[Work required]:
Transcribe each line below verbatim; pictures excluded.

[Records provided]:
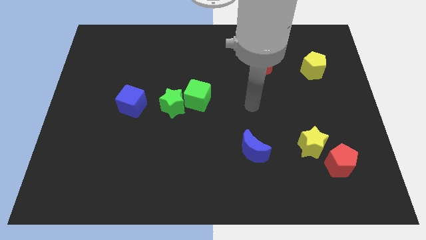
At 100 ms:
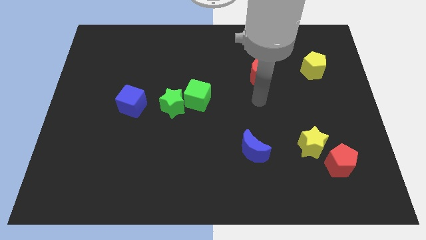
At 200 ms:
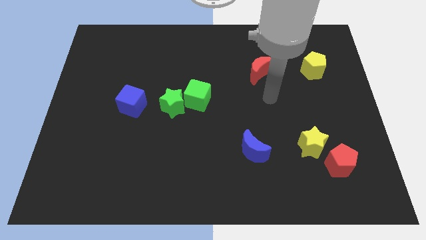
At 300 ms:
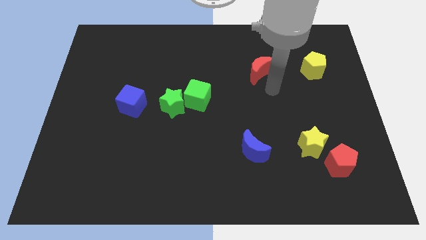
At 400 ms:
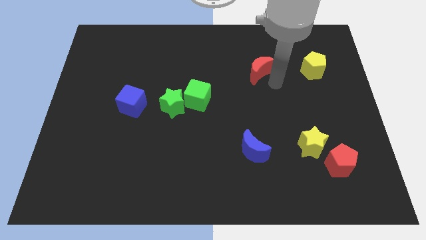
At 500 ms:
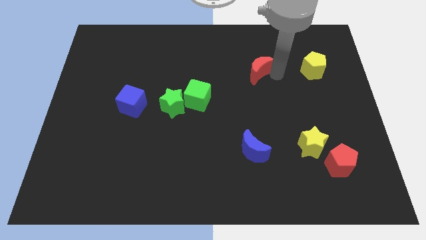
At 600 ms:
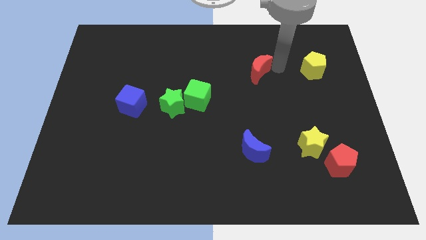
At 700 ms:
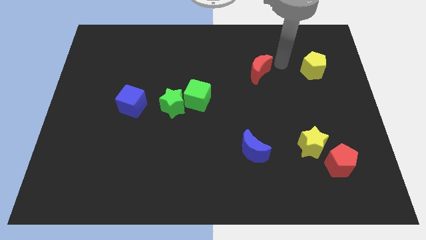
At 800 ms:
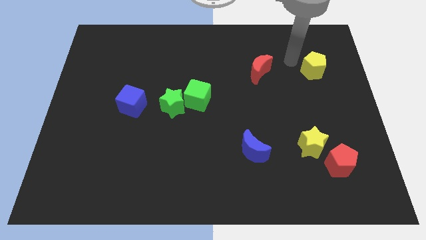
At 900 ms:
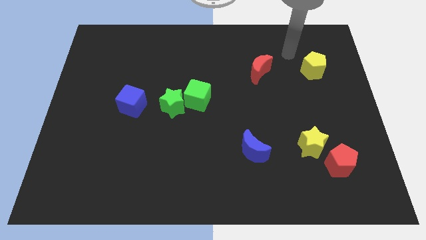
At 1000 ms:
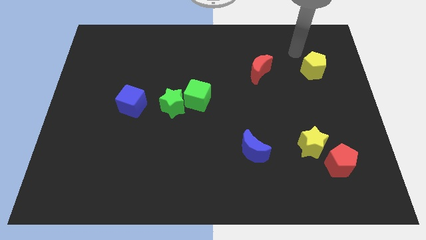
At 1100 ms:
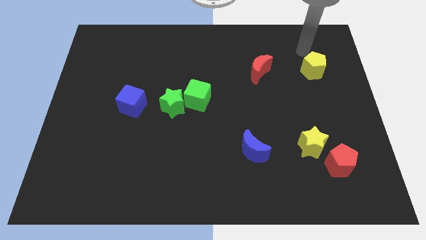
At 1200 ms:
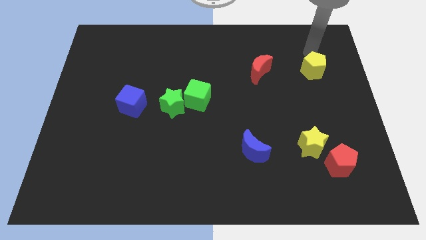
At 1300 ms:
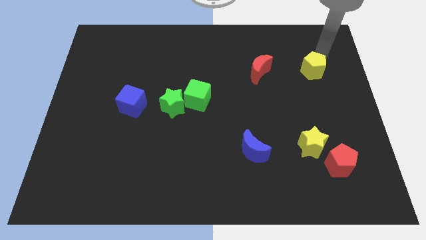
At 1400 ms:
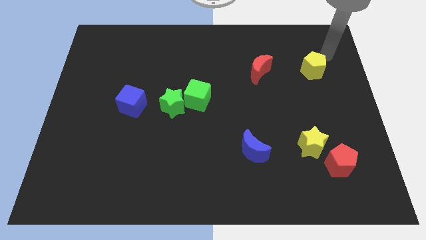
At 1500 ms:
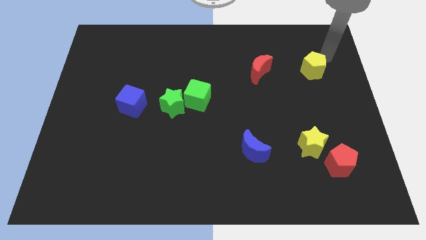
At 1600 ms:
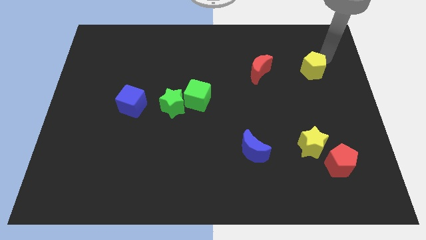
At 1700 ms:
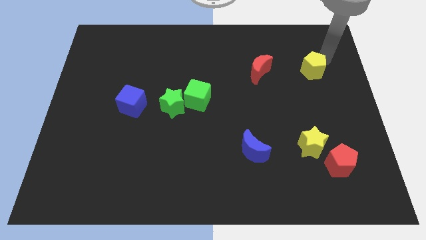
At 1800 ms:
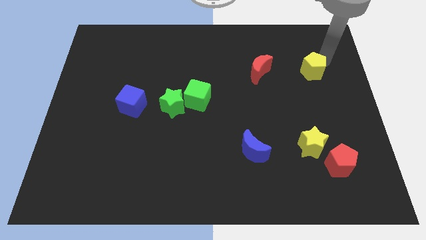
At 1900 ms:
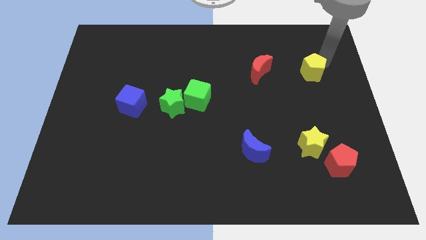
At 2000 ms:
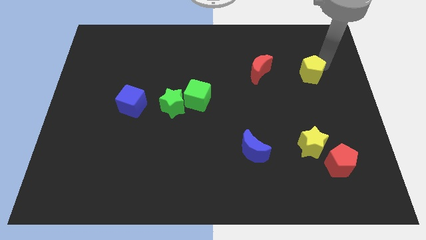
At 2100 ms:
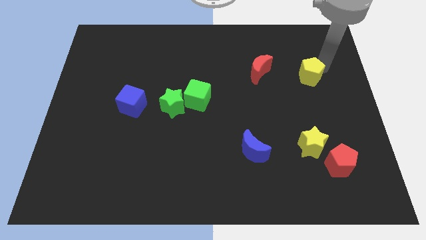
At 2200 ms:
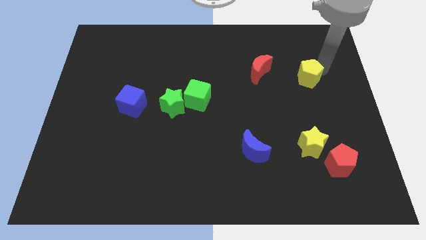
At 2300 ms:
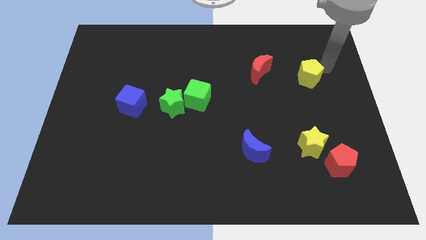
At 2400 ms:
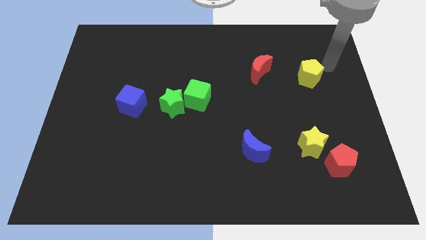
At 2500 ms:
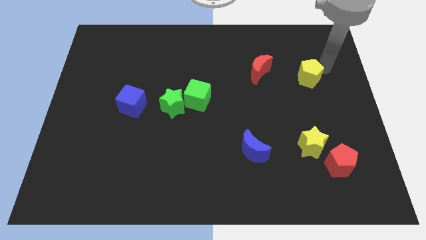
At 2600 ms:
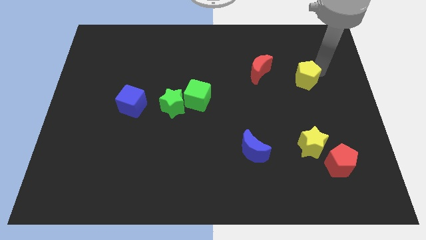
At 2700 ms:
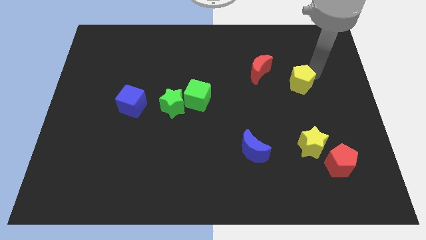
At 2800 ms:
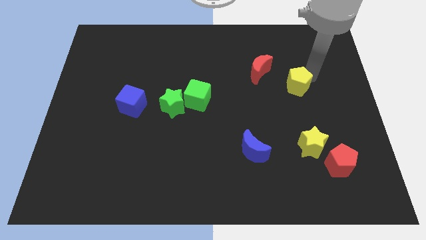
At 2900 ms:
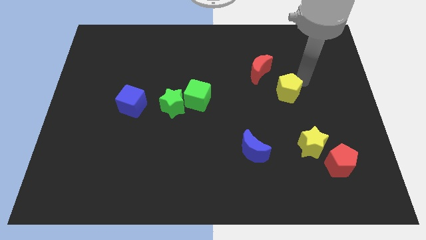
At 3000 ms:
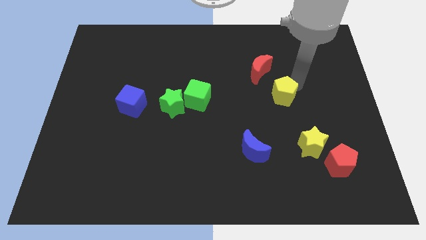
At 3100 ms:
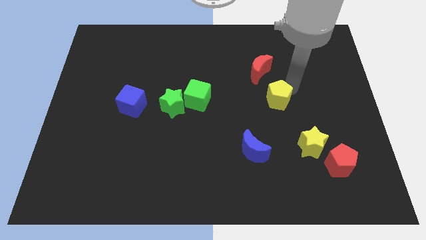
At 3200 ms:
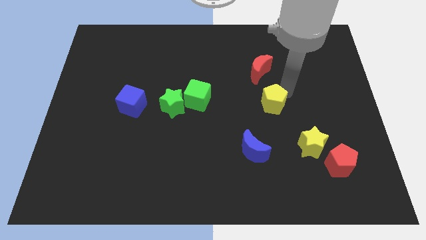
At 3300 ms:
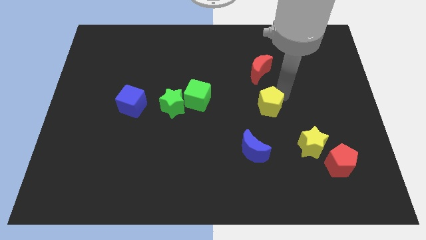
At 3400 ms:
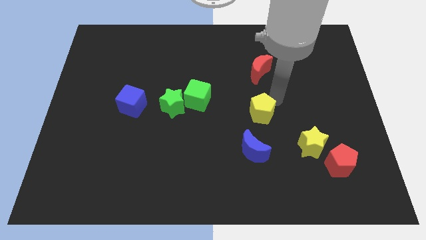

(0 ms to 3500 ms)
move the yellow pentagon down and left diagonally

[Exercise result]:
At 100 ms:
At 200 ms:
At 300 ms:
At 400 ms:
At 500 ms:
At 600 ms:
At 700 ms:
At 800 ms:
At 900 ms:
At 1000 ms:
At 1100 ms:
At 1200 ms:
At 1300 ms:
At 1400 ms:
At 1500 ms:
At 1600 ms:
At 1700 ms:
At 1800 ms:
At 1900 ms:
At 2000 ms:
At 2100 ms:
At 2200 ms:
At 2300 ms:
At 2400 ms:
At 2500 ms:
At 2600 ms:
At 2700 ms:
At 2800 ms:
At 2900 ms:
At 3000 ms:
At 3100 ms:
At 3200 ms:
At 3300 ms:
At 3400 ms:

(0 ms to 3500 ms)
move the yellow pentagon down and left diagonally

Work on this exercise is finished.